** Data to examine **
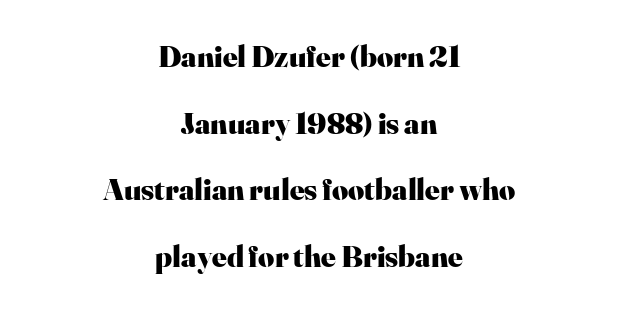
{"serif": "yes", "italic": "no", "bold": "yes", "weight": "heavy", "width": "normal", "stroke_contrast": "high", "x_height": "small", "monospaced": "no", "underline": "no", "align": "center", "line_spacing": "loose", "line_spacing_ratio": 2.15, "letter_spacing": "normal", "letter_spacing_em": 0.0, "glyph_px": 31}
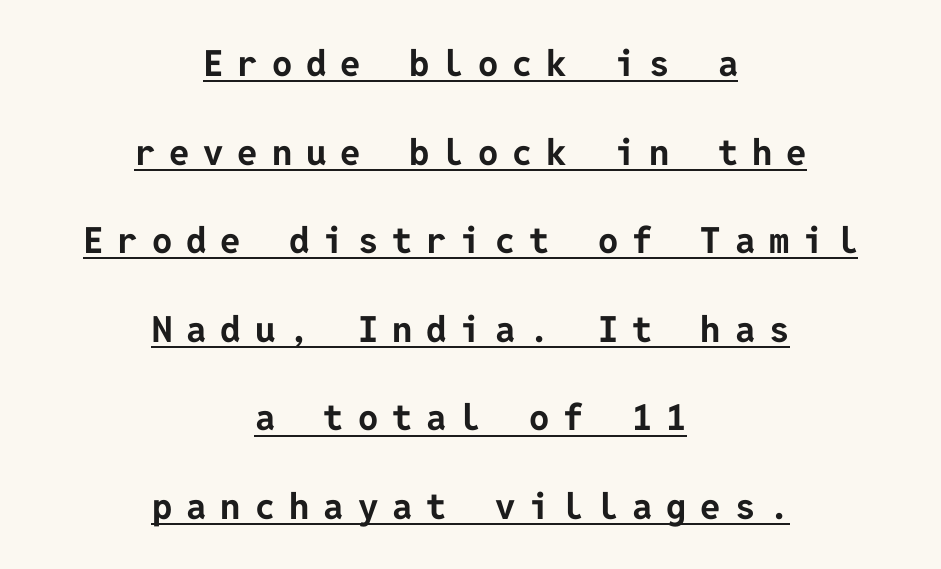
Q: Is the text bold? A: Yes.
Q: Is the text italic (slanted)? A: No, it is upright.
Q: Is the typeface a serif or a sans-serif typeface? A: Sans-serif.
Q: Is the text underlined? A: Yes.
Q: How is the paragraph aligned? A: Centered.
Q: Is the spacing between letters normal or unusually wide? A: Unusually wide.
Q: Is the spacing between lines tight, normal or loose? A: Loose.
Q: Width (condensed, normal, or wide)? A: Normal.
Q: Stroke contrast? A: Low.
Q: x-height? A: Medium.

** How to complete this task **
Go to the line with "Q: Width (condensed, normal, or" and set down that line and every line after it, through the end of the material above, word for word.

** Output for this task **
Q: Width (condensed, normal, or wide)? A: Normal.
Q: Stroke contrast? A: Low.
Q: x-height? A: Medium.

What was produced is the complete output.